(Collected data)

···

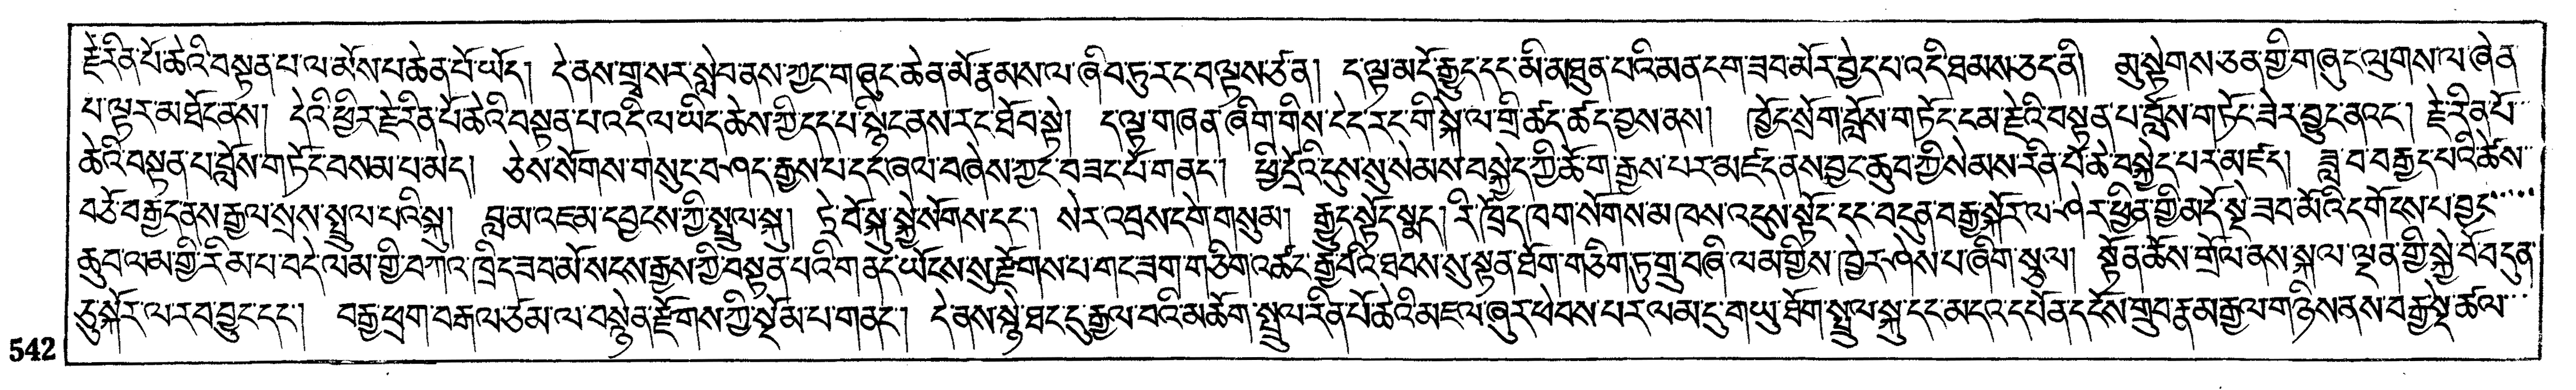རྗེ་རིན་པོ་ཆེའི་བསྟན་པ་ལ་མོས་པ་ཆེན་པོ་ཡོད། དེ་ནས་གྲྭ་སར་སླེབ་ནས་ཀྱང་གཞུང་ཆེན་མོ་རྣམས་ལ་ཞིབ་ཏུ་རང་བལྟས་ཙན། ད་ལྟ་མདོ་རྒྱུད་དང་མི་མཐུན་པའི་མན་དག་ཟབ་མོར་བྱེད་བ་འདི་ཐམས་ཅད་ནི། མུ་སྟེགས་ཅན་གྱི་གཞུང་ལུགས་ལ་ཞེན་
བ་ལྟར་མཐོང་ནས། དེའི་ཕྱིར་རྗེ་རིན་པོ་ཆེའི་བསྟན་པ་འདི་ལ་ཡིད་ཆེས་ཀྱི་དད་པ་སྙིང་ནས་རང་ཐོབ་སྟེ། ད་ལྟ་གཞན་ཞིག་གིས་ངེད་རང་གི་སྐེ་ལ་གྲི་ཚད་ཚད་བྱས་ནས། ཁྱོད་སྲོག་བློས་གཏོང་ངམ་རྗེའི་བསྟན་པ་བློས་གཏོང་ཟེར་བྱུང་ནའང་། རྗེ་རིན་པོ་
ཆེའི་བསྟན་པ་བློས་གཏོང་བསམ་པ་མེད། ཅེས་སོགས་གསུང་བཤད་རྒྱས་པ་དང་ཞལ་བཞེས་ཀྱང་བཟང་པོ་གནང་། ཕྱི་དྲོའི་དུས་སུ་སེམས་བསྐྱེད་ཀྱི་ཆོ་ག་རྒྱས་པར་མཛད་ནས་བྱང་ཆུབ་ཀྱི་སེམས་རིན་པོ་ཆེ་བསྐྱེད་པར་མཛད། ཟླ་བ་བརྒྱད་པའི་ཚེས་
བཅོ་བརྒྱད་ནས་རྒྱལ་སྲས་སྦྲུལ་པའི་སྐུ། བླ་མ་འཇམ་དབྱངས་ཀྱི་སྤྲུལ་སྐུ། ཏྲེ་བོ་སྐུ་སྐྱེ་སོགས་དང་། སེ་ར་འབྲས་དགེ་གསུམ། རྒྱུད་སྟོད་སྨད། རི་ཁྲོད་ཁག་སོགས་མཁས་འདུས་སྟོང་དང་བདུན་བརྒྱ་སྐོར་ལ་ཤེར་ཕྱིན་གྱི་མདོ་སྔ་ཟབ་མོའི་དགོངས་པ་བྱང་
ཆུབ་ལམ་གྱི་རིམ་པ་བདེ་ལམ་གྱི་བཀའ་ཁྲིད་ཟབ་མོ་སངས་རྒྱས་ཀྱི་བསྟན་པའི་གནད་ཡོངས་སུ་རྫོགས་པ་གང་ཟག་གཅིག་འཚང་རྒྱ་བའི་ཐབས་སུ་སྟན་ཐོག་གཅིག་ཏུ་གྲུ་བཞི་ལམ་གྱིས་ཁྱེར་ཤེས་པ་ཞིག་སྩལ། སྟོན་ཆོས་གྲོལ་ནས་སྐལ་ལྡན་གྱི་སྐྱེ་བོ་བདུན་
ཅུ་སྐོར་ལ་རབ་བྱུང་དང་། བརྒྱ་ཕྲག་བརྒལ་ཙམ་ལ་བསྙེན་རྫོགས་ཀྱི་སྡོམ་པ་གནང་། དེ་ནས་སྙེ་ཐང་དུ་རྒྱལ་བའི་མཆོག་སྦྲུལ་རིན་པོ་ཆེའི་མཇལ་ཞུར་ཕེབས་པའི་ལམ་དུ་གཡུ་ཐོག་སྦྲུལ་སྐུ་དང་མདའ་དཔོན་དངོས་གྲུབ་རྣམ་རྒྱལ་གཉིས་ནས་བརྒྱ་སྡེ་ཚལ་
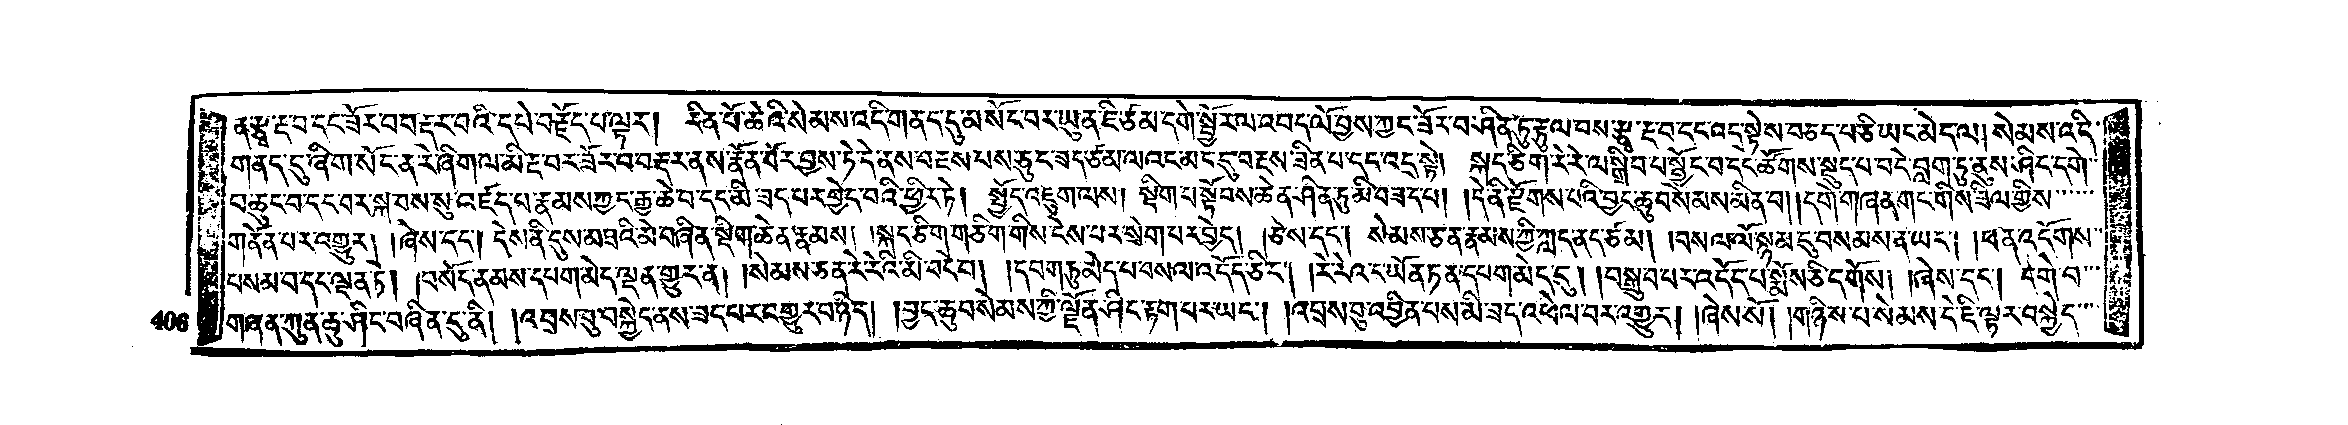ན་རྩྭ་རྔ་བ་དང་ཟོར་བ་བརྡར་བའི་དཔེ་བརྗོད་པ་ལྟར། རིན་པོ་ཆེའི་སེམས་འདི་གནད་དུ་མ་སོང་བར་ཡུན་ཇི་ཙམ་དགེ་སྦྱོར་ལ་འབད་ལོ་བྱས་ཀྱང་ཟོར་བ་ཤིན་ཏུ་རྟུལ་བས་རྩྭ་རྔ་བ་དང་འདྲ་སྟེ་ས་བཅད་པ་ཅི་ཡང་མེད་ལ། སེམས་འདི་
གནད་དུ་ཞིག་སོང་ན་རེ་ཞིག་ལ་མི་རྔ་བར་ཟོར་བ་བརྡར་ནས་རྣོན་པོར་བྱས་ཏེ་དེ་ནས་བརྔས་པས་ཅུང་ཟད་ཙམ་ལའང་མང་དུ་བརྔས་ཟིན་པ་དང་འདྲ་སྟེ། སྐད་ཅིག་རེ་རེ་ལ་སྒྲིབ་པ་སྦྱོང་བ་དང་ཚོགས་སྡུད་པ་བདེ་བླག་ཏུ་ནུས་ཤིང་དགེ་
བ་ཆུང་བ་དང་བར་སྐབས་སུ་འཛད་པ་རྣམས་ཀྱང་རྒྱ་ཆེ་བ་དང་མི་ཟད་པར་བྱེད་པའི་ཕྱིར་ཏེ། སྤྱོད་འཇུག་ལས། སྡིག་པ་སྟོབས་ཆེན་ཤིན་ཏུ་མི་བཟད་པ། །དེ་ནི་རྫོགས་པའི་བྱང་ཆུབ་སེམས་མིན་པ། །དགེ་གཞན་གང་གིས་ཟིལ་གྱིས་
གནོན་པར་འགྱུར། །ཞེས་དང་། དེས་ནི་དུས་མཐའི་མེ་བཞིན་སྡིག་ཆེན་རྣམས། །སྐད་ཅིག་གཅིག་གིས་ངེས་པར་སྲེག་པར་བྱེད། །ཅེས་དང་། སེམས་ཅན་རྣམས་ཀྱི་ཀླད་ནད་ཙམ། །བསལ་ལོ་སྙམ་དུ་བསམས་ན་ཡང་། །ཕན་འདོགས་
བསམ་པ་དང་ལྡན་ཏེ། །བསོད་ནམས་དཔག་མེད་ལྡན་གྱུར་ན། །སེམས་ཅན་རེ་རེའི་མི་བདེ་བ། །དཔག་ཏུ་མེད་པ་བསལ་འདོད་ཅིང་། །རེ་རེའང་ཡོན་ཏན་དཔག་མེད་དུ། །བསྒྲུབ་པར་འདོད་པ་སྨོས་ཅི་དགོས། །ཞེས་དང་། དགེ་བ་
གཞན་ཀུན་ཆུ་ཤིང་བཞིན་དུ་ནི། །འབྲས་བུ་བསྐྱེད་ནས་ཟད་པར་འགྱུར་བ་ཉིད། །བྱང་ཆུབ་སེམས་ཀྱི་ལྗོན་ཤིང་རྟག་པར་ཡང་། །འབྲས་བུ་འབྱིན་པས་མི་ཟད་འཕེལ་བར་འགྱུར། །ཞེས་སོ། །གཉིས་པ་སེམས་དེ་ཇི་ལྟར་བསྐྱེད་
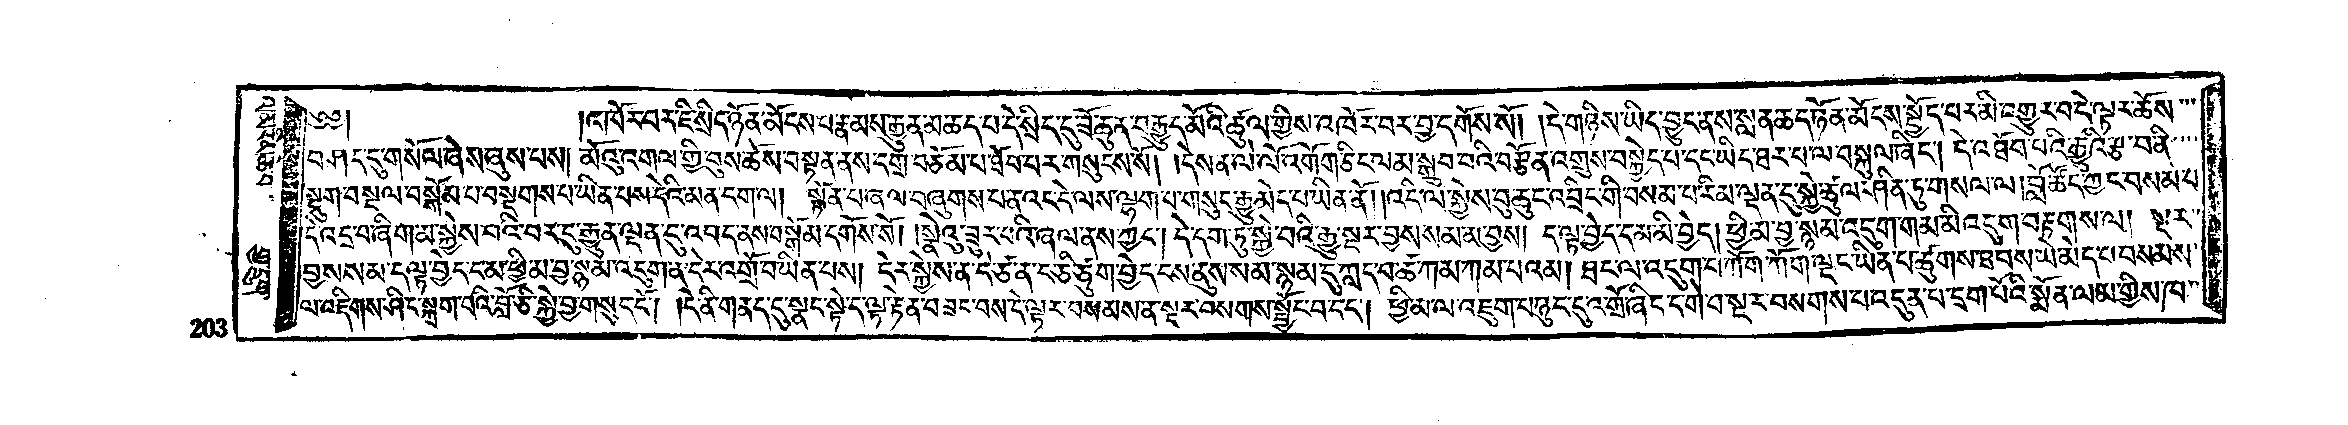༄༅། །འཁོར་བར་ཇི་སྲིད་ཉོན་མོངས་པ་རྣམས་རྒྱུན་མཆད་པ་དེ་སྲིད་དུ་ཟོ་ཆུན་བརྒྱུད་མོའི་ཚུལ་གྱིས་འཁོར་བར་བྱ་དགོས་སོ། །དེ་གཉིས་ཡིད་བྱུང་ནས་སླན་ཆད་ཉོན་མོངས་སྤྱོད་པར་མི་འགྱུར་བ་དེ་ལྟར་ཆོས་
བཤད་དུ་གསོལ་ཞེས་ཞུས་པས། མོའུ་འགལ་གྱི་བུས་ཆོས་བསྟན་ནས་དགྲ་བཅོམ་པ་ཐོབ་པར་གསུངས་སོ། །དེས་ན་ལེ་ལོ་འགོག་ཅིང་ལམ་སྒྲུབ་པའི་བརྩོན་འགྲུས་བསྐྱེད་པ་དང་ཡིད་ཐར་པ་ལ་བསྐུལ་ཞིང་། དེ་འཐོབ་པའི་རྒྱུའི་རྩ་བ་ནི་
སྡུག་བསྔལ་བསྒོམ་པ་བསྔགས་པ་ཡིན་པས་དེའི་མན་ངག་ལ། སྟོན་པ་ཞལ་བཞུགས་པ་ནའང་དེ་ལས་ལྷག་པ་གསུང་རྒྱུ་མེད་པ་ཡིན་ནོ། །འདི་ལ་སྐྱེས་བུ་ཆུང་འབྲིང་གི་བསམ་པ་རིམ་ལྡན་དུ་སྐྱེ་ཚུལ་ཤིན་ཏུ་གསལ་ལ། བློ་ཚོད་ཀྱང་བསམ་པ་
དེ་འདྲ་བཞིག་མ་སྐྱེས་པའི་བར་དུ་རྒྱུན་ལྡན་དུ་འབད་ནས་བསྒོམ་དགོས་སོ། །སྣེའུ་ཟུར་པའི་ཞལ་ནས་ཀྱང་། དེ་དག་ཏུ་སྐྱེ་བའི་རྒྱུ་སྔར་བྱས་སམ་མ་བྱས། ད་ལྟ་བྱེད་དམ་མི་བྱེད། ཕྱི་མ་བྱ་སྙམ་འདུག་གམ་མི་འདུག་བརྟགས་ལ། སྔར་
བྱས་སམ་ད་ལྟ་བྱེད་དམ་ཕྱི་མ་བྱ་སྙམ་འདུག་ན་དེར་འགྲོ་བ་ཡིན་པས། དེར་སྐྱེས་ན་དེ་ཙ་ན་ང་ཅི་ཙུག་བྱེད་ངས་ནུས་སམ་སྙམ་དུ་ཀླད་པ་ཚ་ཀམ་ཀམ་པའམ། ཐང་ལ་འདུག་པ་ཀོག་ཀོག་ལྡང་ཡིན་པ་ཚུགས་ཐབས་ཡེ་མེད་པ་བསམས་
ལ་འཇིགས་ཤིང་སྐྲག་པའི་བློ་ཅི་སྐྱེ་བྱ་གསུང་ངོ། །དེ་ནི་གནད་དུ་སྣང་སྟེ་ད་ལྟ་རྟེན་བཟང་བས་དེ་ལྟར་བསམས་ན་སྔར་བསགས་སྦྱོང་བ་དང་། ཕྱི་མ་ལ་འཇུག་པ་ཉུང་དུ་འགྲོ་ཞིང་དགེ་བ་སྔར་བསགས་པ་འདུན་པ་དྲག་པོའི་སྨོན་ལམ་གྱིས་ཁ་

···

Count every line of the data above that includes the word "བསམས", then state the total and nothing more.

**Solution for this exercise:** 3